Despite the above issues, there are some cases where running a cron task is perfectly acceptable and possible better than some of the alternatives. When it is not absolutely essential that the task be run consistently, a cron job can be a quick and easy solution that doesn’t require a lot of setup. Combined with a
whenever schedule.rb file and a deployment strategy that maintains your cron tasks, it can be a viable strategy.
Alternatives to Crontab
Sidekiq and Sidetiq
In cases where cron tasks don’t quite cut it, there are alternatives. My personal favorite is a combination of Sidekiq and Sidetiq. Understand, though, that these aren’t simple to setup. They require a redis server and additional code. When you run sidekiq, your application is loaded into memory and runs tasks as you schedule them in your code. This is nice because the code is constantly running and can quickly pick up new tasks and process them without additional overhead. When multiple application servers point to a single redis server (or server cluster) endpoint, you can also have multiple sidekiq instances pointing to that same redis server and have them pick off tasks as they have availability. This is great for scaling and (mostly) eliminates issues of locking, semaphores, and race conditions.
The Heroku Scheduler
Another alternative to cron tasks is the Heroku Scheduler, if your application is running on Heroku. As is noted in the documentation, the Heroku Scheduler does not guarantee that tasks will be run, so you are encouraged to include a custom clock in your application to make sure that tasks are run. It also has a limit of running at most once every 10 minutes, so you may need to use a worker dyno and create your own looping mechanism in a long running task to make sure tasks are run as frequently as they should be.

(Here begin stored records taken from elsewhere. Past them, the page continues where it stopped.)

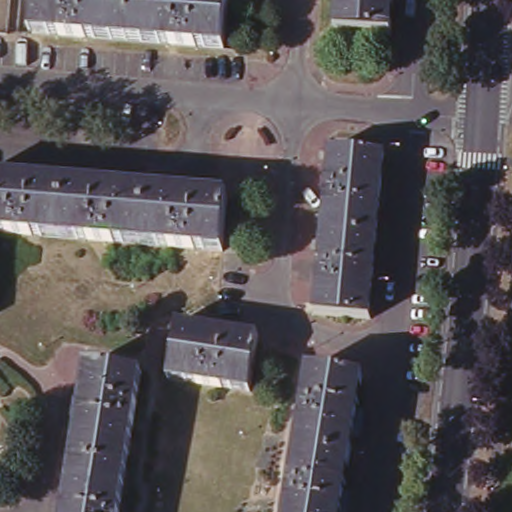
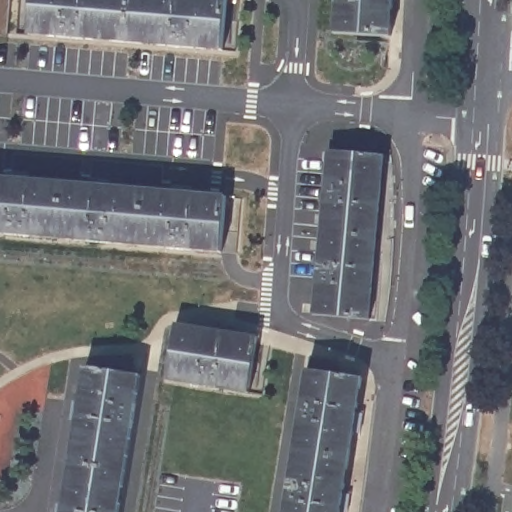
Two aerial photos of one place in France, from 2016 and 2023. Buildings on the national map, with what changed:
unchanged [(223,46),(30,30),(33,0),(227,0),(223,46)]
unchanged [(335,32),(337,0),(393,0),(391,35),(335,32)]
unchanged [(319,245),(320,236),(322,218),(322,210),(328,152),(329,144),(384,149),(383,161),(370,296),(369,312),(313,307),(314,300),(319,245)]
unchanged [(0,231),(0,176),(221,194),(216,248),(53,235),(0,231)]
unchanged [(256,332),(245,390),(165,376),(174,319),(242,329),(256,332)]
unchanged [(140,373),(116,512),(65,512),(90,365),(140,373)]
unchanged [(338,512),(282,512),(305,367),(360,376),(338,512)]

While cron jobs are useful, and can get the job done in many instances, you should be careful in your decision of how to implement scheduled and delayed tasks. Cron jobs are best for tasks that are not highly critical or essential to your application’s functionality or performance. They should also usually execute in a reasonably short amount of time so that they don’t bog down your server(s). When you have scheduled tasks of a critical nature, or tasks that need to be run more than once per minute, tools such as Heroku’s worker dynos or Sidekiq are very performant and viable solutions.